Un premier, extérieur, propose aux piétons de piétiner les préjugés au sens propre comme au figuré. Dix cercles tactiles sont installés sur le parvis, reliés à un écran où des bulles de bd affichent certains adjectifs clichés: «anormal», «piège»… Pour faire exploser ces stéréotypes, il suffit d’écraser ce rond et le mot se transforme en explication sur le droit du travail ou sur les conjoints de ces handicapés, qui ne sont ni des saints ni des pervers… Jeudi midi, lors des derniers réglages, les passants curieux avaient déjà envie d'écraser ces stéréotypes. «Déconstruire les clichés c’est juste informer», synthétise Deza Nguembock, à la tête de l'agence E&H LAB qui mène cette opération de sensibilisation, qui a vocation à voyager ensuite à Lille, Bordeaux, Nanterre. Et les portraits de handicapés seront aussi affichés en 2015 dans les abribus et autres panneaux Decaux.

Sauter sur les clichés pour les faire exploser

«Les visiteurs pourront faire des percussions car chaque rond a un son différent, complète Romuald, créateur du dispositif tactile. Et on réglera la difficulté pour que les enfants puissent piétiner aussi les préjugés.» Sur l’écran également, les photos de handicapées en robe de mariées, en diva viendront battre en brèche les représentations de victimes et de malades souvent associées à ces personnes.

Paris, le 6 novembre 2014, deux dispositifs tentent de piétiner les clichés sur les handicapés sur le parvis de l'Hôtel de Ville. - O. Gabriel / 20 Minutes

«Quand je vois les images du handicap, ça ne me ressemble pas alors j’ai eu envie de dire autre chose», explique Deza Nguembock appuyée sur une béquille.

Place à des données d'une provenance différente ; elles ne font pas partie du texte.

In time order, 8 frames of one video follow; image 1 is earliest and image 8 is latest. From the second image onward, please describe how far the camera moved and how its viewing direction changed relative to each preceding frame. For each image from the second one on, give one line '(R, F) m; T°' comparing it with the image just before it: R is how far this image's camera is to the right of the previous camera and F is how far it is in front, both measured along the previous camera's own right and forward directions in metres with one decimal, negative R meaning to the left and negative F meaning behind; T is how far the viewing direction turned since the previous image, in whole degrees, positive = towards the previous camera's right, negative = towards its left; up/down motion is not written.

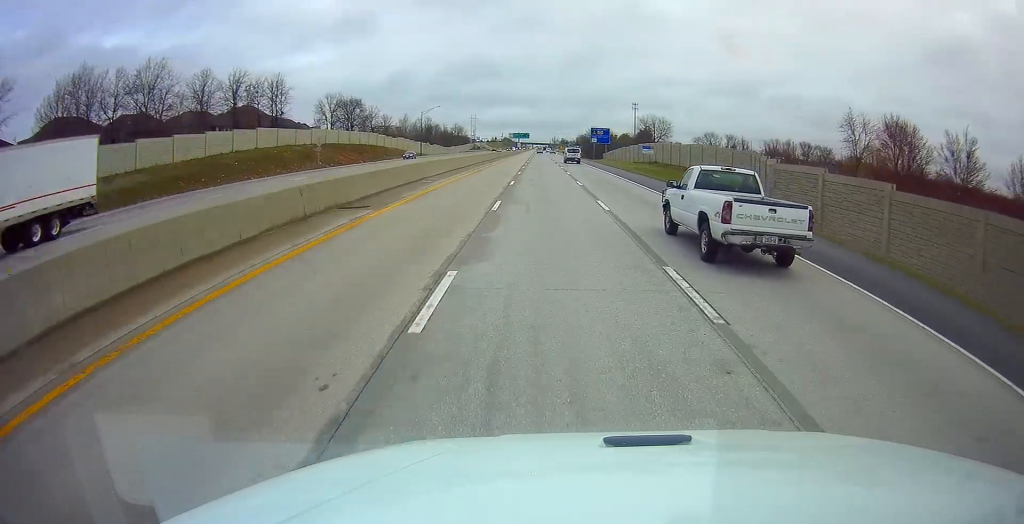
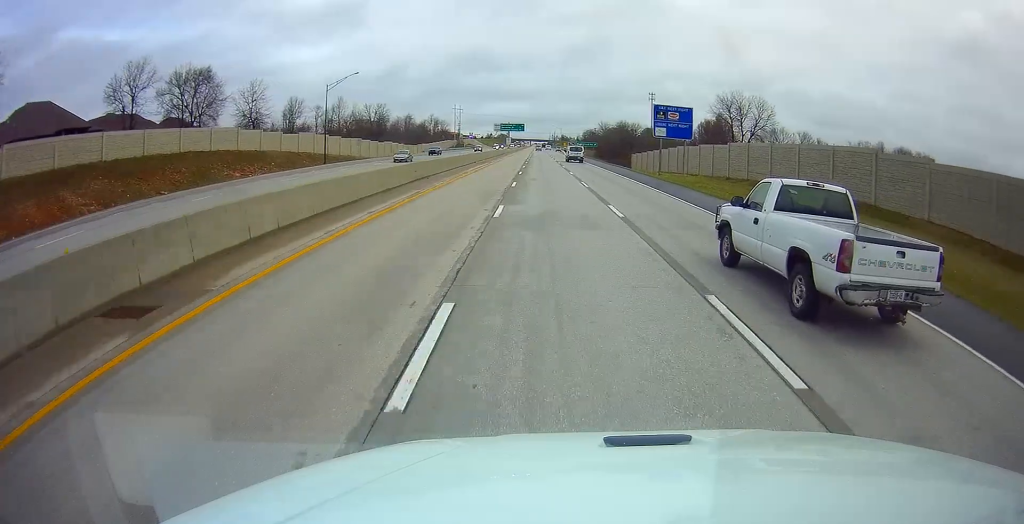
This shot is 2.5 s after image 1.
(+1.4, +75.1) m; +1°
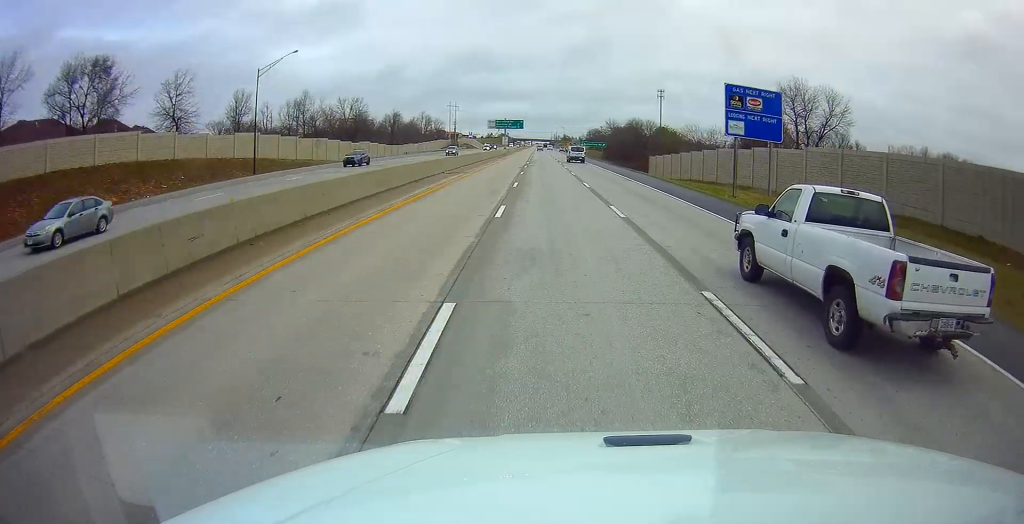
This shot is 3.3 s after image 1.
(-0.3, +24.4) m; -1°
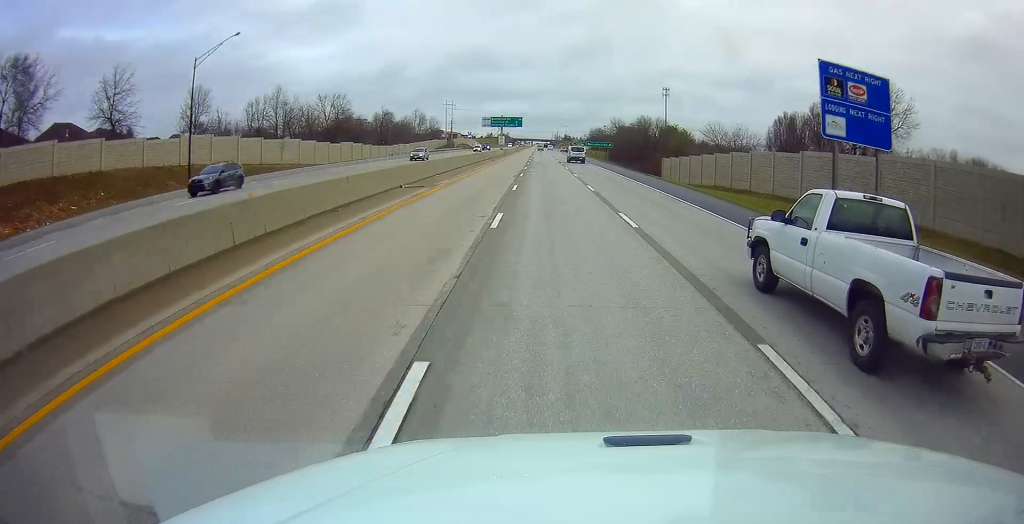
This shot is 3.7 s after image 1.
(0.0, +14.2) m; 0°
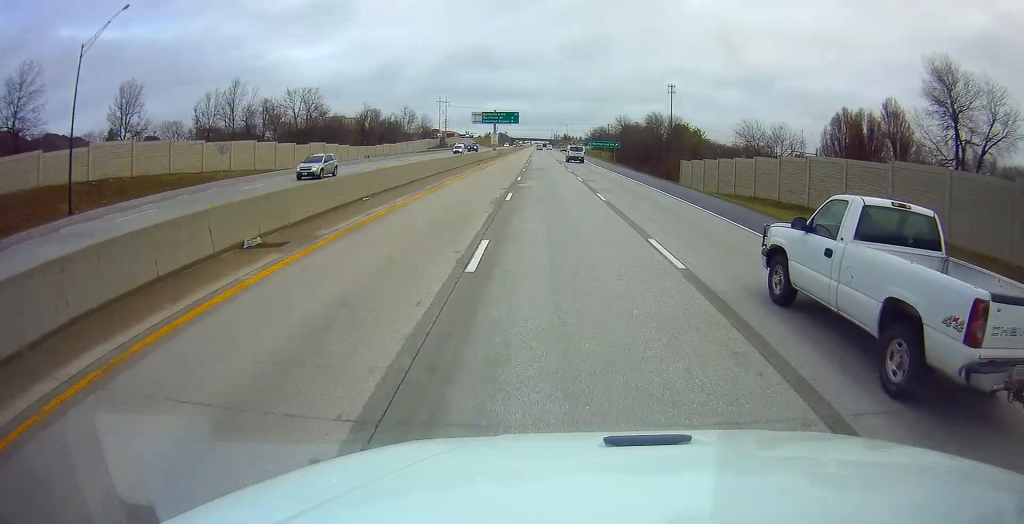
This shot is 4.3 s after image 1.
(0.0, +17.2) m; 0°
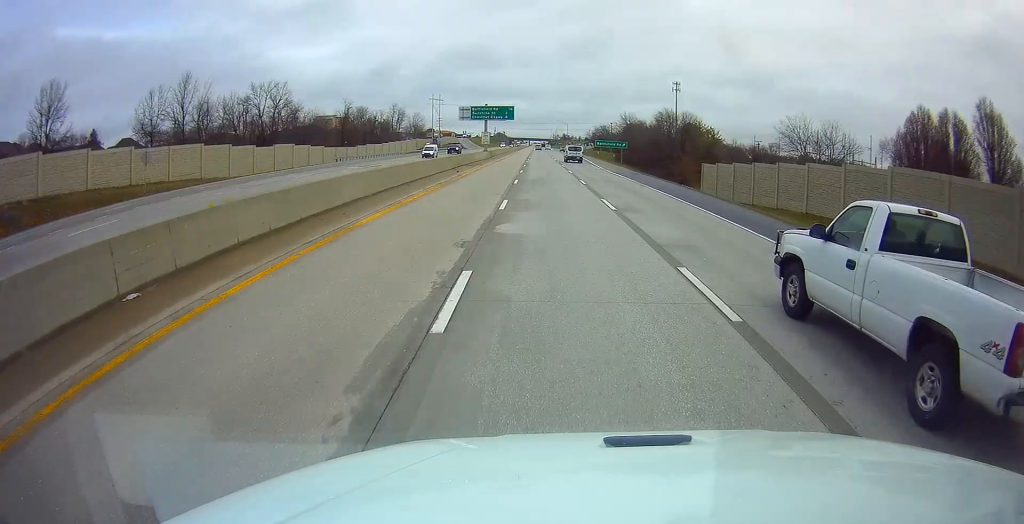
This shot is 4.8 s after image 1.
(0.0, +15.2) m; 0°
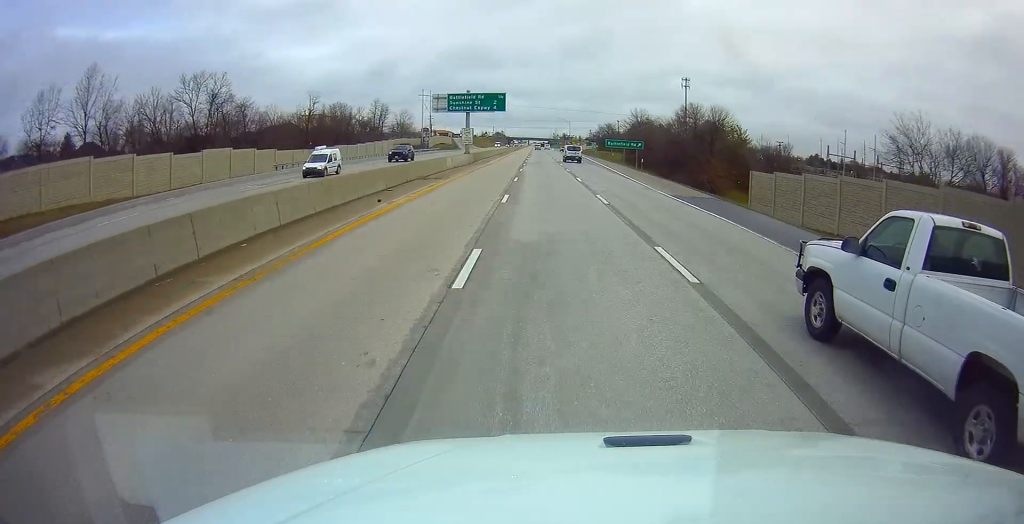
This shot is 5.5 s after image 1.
(0.0, +22.4) m; +1°
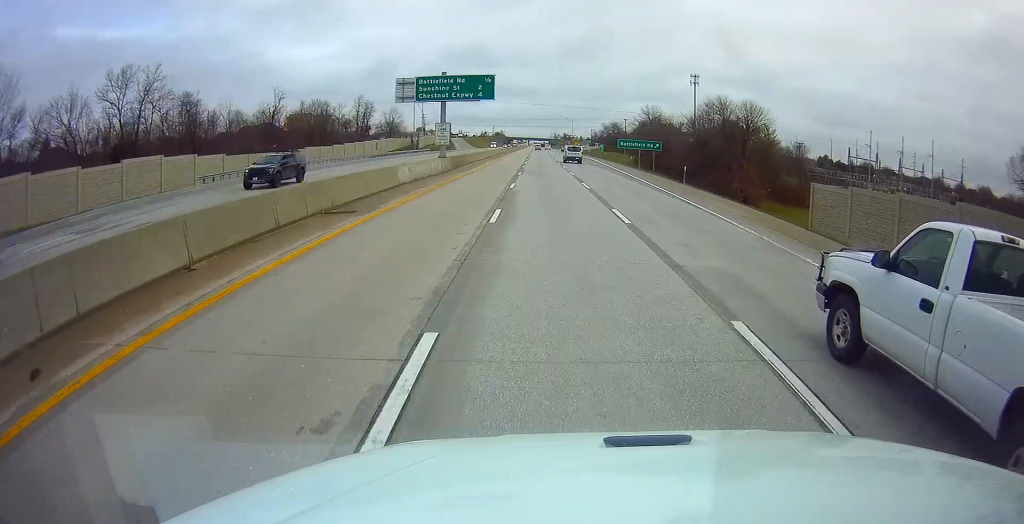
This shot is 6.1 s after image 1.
(-0.1, +17.4) m; +1°

Son message? «Rencontrons-nous! Osez poser des questions pour déconstruire les idées reçues dont on n’a pas forcément conscience.»

«Fuir les handicapés ou les surprotéger»

Deuxième dispositif, une bulle de 110 m2 blanche de jour, rouge de nuit, qui invite à découvrir en dessins et en mots les stéréotypes les plus courants. Un travail artistique qui tentera de sortir ces personnes de la pitié ou de l’image de superhéros. Et des questionnaires sur tablettes permettront à chacun de faire le point sur ses préjugés.

«Certaines personnes ont tendance à fuir les handicapés ou à les surprotéger, analyse Deza Nguembock. Ce n’est pas la peine de leur parler comme à des enfants!» L’agence a également lancé une enquête de BVA sur le regard sur le handicap. «Et j’ai eu des surprises! confie Deza Nguembock. Notamment que 55% des Français sont favorables à un statut d’aidant sexuel.»